Databricks log collection with Azure Monitor at desktop scale
Databricks is an optimized data analysis platform based on Apache Spark. Databricks platform monitoring is critical to ensuring data quality, job performance, and security issues by limiting access to production workspaces.
Spark application statistics, logs, and events produced by a Databricks workspace can be customized, sent, and centralized to various monitoring platforms, including Azure Monitor logs. This tool, previously called Log Analytics by Microsoft, is an Azure cloud service integrated into Azure Monitor that collects and stores logs from cloud and on-premises environments.

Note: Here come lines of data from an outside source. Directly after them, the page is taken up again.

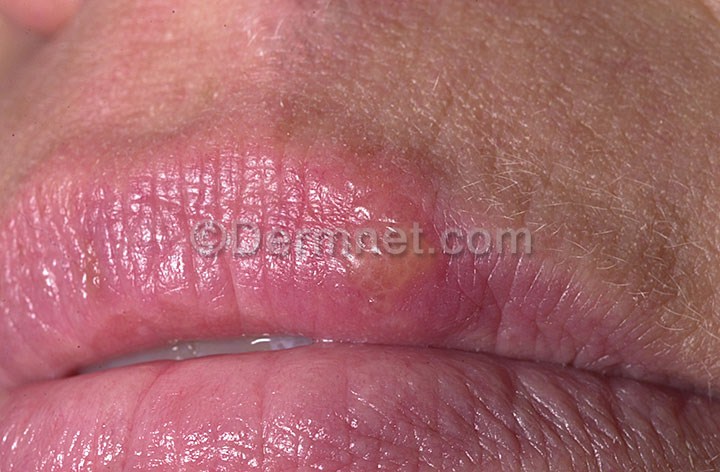
Disease: Herpes HPV and other STDs Photos
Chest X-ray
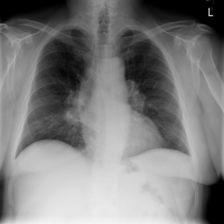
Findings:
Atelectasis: negative
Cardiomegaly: negative
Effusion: negative
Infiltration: negative
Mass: negative
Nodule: negative
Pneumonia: negative
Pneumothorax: negative
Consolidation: negative
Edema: negative
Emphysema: negative
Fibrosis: negative
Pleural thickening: negative
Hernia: negative
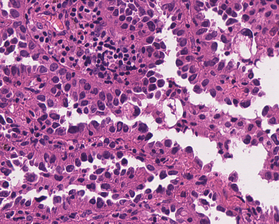
Tumor epithelial tissue: yes
Tumor-associated stroma tissue: yes
Normal tissue: no
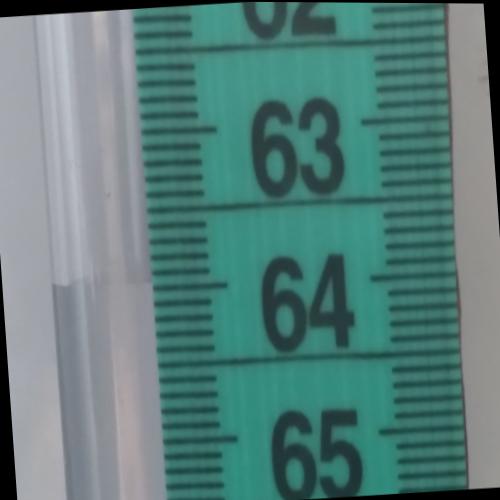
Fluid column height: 64.0 cm
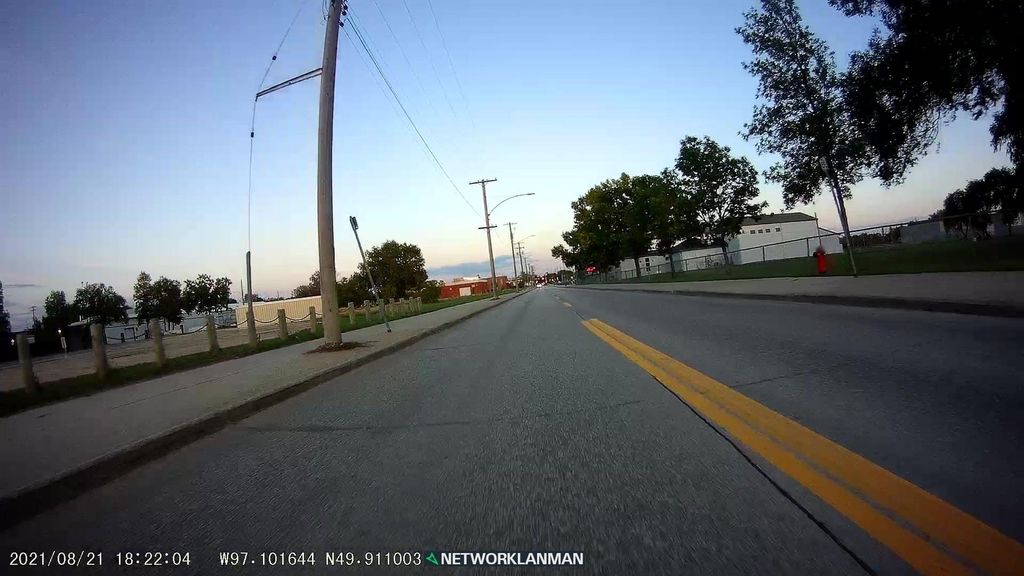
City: winnipeg

It provides a means to query logs from data collected using a read-only query language called “Kusto”, to build dashboards for “Workbooks” and set alerts on detected patterns.
This article focuses on automating the export of Databricks logs to a Log Analytics workspace by using Spark monitoring study-scale library.
Overview of Databricks log shipping
This section is an overview of the architecture. More detailed information and associated source code can be found further down in the article.
Spark monitoring is a Microsoft Open Source project for exporting Databricks logs at the cluster level. Once downloaded, the library is built locally using Docker or Maven according to the Databricks Runtime version of the cluster to configure (Spark and Scala versions). The build of the library generates two jar files:
spark-listeners_${spark-version}_${scala_version}-${version}
: collects data from a running cluster;spark-listeners-loganalytics_${spark-version}_${scala_version}-${version}
: extendsspark-listeners
by collecting data, connecting to a Log Analytics workspace, analyzing and sending logs via the Data Collector API
In the documentation, when the jars are built, they are put on DBFS. An init script spark-monitoring.sh
edited locally with the workspace and cluster configurations and added manually via the Databricks cluster-level interface.
At cluster launch, logs are streamed in JSON format to the Log Analytics Data Collector API and stored in 3 different tables, one for each type of log sent:
- SparkMetric_CL: Execution metrics for Spark applications (memory usage, number of jobs, step tasks submitted/completed/running);
- SparkListenerEvent_CL: All events listened to by the SparkListener during the execution of the Spark application (jobs, stages and tasks start/end);
- SparkLoggingEvent_CL: Logs from log4j appender.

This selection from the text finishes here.